▸ Data supplied
▽

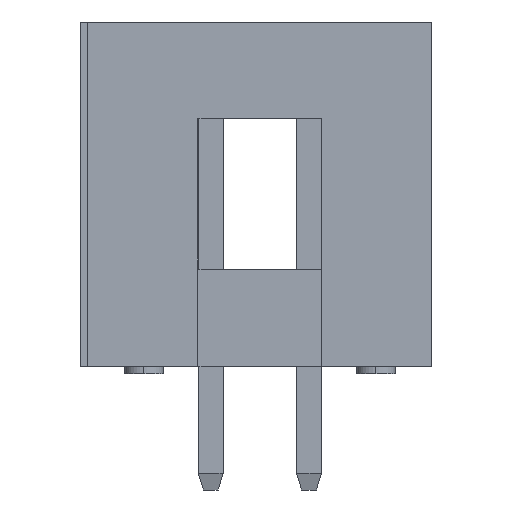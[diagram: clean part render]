
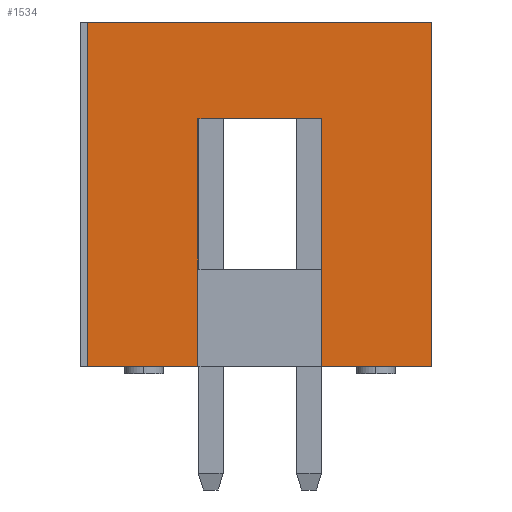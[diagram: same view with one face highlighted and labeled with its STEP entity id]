
A CAD part, left-side view. The second image highlights one B-rep face of the part: STEP entity #1534.
In plain terms, the highlighted planar face has unit normal (-1, 0, 0).
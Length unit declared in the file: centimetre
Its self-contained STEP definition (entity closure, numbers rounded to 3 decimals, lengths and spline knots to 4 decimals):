
#80 = LINE ( 'NONE', #295, #2228 ) ;
#84 = DIRECTION ( 'NONE',  ( 0., 0., -1. ) ) ;
#87 = LINE ( 'NONE', #1524, #2479 ) ;
#98 = ORIENTED_EDGE ( 'NONE', *, *, #927, .T. ) ;
#224 = ORIENTED_EDGE ( 'NONE', *, *, #698, .T. ) ;
#295 = CARTESIAN_POINT ( 'NONE',  ( -2.286, 0.445, 0. ) ) ;
#317 = DIRECTION ( 'NONE',  ( 0., 0., 1. ) ) ;
#340 = CARTESIAN_POINT ( 'NONE',  ( -2.286, -0.16, 0. ) ) ;
#349 = CARTESIAN_POINT ( 'NONE',  ( -2.286, 0., 0. ) ) ;
#491 = VERTEX_POINT ( 'NONE', #2690 ) ;
#542 = ORIENTED_EDGE ( 'NONE', *, *, #1713, .T. ) ;
#590 = LINE ( 'NONE', #3147, #3277 ) ;
#639 = CARTESIAN_POINT ( 'NONE',  ( -2.286, -0.445, 0. ) ) ;
#650 = DIRECTION ( 'NONE',  ( 0., 0., -1. ) ) ;
#698 = EDGE_CURVE ( 'NONE', #3202, #912, #80, .T. ) ;
#912 = VERTEX_POINT ( 'NONE', #971 ) ;
#927 = EDGE_CURVE ( 'NONE', #3207, #1595, #87, .T. ) ;
#962 = LINE ( 'NONE', #3440, #1982 ) ;
#971 = CARTESIAN_POINT ( 'NONE',  ( -2.286, 0.445, 0. ) ) ;
#1040 = LINE ( 'NONE', #340, #1263 ) ;
#1146 = CARTESIAN_POINT ( 'NONE',  ( -2.286, 0., 0. ) ) ;
#1168 = DIRECTION ( 'NONE',  ( 0., -1., 0. ) ) ;
#1190 = VECTOR ( 'NONE', #650, 100. ) ;
#1263 = VECTOR ( 'NONE', #84, 100. ) ;
#1394 = ORIENTED_EDGE ( 'NONE', *, *, #3572, .T. ) ;
#1449 = VERTEX_POINT ( 'NONE', #1896 ) ;
#1524 = CARTESIAN_POINT ( 'NONE',  ( -2.286, 0., 0.64 ) ) ;
#1534 = ADVANCED_FACE ( 'NONE', ( #2554 ), #3428, .T. ) ;
#1559 = EDGE_LOOP ( 'NONE', ( #224, #1394, #3661, #98, #542, #1919, #1819, #2878 ) ) ;
#1595 = VERTEX_POINT ( 'NONE', #1985 ) ;
#1713 = EDGE_CURVE ( 'NONE', #1595, #1449, #1040, .T. ) ;
#1719 = VERTEX_POINT ( 'NONE', #639 ) ;
#1722 = DIRECTION ( 'NONE',  ( 0., 0., 1. ) ) ;
#1781 = VECTOR ( 'NONE', #3214, 100. ) ;
#1801 = DIRECTION ( 'NONE',  ( 0., 0., -1. ) ) ;
#1819 = ORIENTED_EDGE ( 'NONE', *, *, #2901, .F. ) ;
#1896 = CARTESIAN_POINT ( 'NONE',  ( -2.286, -0.16, 0. ) ) ;
#1919 = ORIENTED_EDGE ( 'NONE', *, *, #2913, .T. ) ;
#1982 = VECTOR ( 'NONE', #1722, 100. ) ;
#1985 = CARTESIAN_POINT ( 'NONE',  ( -2.286, -0.16, 0.64 ) ) ;
#2228 = VECTOR ( 'NONE', #1801, 100. ) ;
#2253 = DIRECTION ( 'NONE',  ( -1., 0., 0. ) ) ;
#2308 = DIRECTION ( 'NONE',  ( 0., -1., 0. ) ) ;
#2351 = CARTESIAN_POINT ( 'NONE',  ( -2.286, 0., 0.89 ) ) ;
#2479 = VECTOR ( 'NONE', #2308, 100. ) ;
#2492 = CARTESIAN_POINT ( 'NONE',  ( -2.286, 0.445, 0.89 ) ) ;
#2533 = LINE ( 'NONE', #2351, #1781 ) ;
#2554 = FACE_OUTER_BOUND ( 'NONE', #1559, .T. ) ;
#2582 = CARTESIAN_POINT ( 'NONE',  ( -2.286, -0.445, 0. ) ) ;
#2690 = CARTESIAN_POINT ( 'NONE',  ( -2.286, -0.445, 0.89 ) ) ;
#2878 = ORIENTED_EDGE ( 'NONE', *, *, #3035, .T. ) ;
#2893 = DIRECTION ( 'NONE',  ( 0., -1., 0. ) ) ;
#2901 = EDGE_CURVE ( 'NONE', #491, #1719, #3435, .T. ) ;
#2913 = EDGE_CURVE ( 'NONE', #1449, #1719, #3339, .T. ) ;
#2941 = VECTOR ( 'NONE', #1168, 100. ) ;
#2961 = VERTEX_POINT ( 'NONE', #3182 ) ;
#3035 = EDGE_CURVE ( 'NONE', #491, #3202, #2533, .T. ) ;
#3076 = AXIS2_PLACEMENT_3D ( 'NONE', #1146, #2253, #317 ) ;
#3147 = CARTESIAN_POINT ( 'NONE',  ( -2.286, 0., 0. ) ) ;
#3182 = CARTESIAN_POINT ( 'NONE',  ( -2.286, 0.16, 0. ) ) ;
#3202 = VERTEX_POINT ( 'NONE', #2492 ) ;
#3207 = VERTEX_POINT ( 'NONE', #3593 ) ;
#3214 = DIRECTION ( 'NONE',  ( 0., 1., 0. ) ) ;
#3277 = VECTOR ( 'NONE', #2893, 100. ) ;
#3339 = LINE ( 'NONE', #349, #2941 ) ;
#3428 = PLANE ( 'NONE',  #3076 ) ;
#3435 = LINE ( 'NONE', #2582, #1190 ) ;
#3440 = CARTESIAN_POINT ( 'NONE',  ( -2.286, 0.16, 0. ) ) ;
#3572 = EDGE_CURVE ( 'NONE', #912, #2961, #590, .T. ) ;
#3593 = CARTESIAN_POINT ( 'NONE',  ( -2.286, 0.16, 0.64 ) ) ;
#3661 = ORIENTED_EDGE ( 'NONE', *, *, #3674, .T. ) ;
#3674 = EDGE_CURVE ( 'NONE', #2961, #3207, #962, .T. ) ;

△

▸ Exercise description
In the listing above, find the line with "#2253 = DIRECTION" and the line with "#2941 = VECTOR ( 'NONE', #1168, 100. ) ;"; set down exactly those two lines and every line between them, nothing more.

▸ Written response
#2253 = DIRECTION ( 'NONE',  ( -1., 0., 0. ) ) ;
#2308 = DIRECTION ( 'NONE',  ( 0., -1., 0. ) ) ;
#2351 = CARTESIAN_POINT ( 'NONE',  ( -2.286, 0., 0.89 ) ) ;
#2479 = VECTOR ( 'NONE', #2308, 100. ) ;
#2492 = CARTESIAN_POINT ( 'NONE',  ( -2.286, 0.445, 0.89 ) ) ;
#2533 = LINE ( 'NONE', #2351, #1781 ) ;
#2554 = FACE_OUTER_BOUND ( 'NONE', #1559, .T. ) ;
#2582 = CARTESIAN_POINT ( 'NONE',  ( -2.286, -0.445, 0. ) ) ;
#2690 = CARTESIAN_POINT ( 'NONE',  ( -2.286, -0.445, 0.89 ) ) ;
#2878 = ORIENTED_EDGE ( 'NONE', *, *, #3035, .T. ) ;
#2893 = DIRECTION ( 'NONE',  ( 0., -1., 0. ) ) ;
#2901 = EDGE_CURVE ( 'NONE', #491, #1719, #3435, .T. ) ;
#2913 = EDGE_CURVE ( 'NONE', #1449, #1719, #3339, .T. ) ;
#2941 = VECTOR ( 'NONE', #1168, 100. ) ;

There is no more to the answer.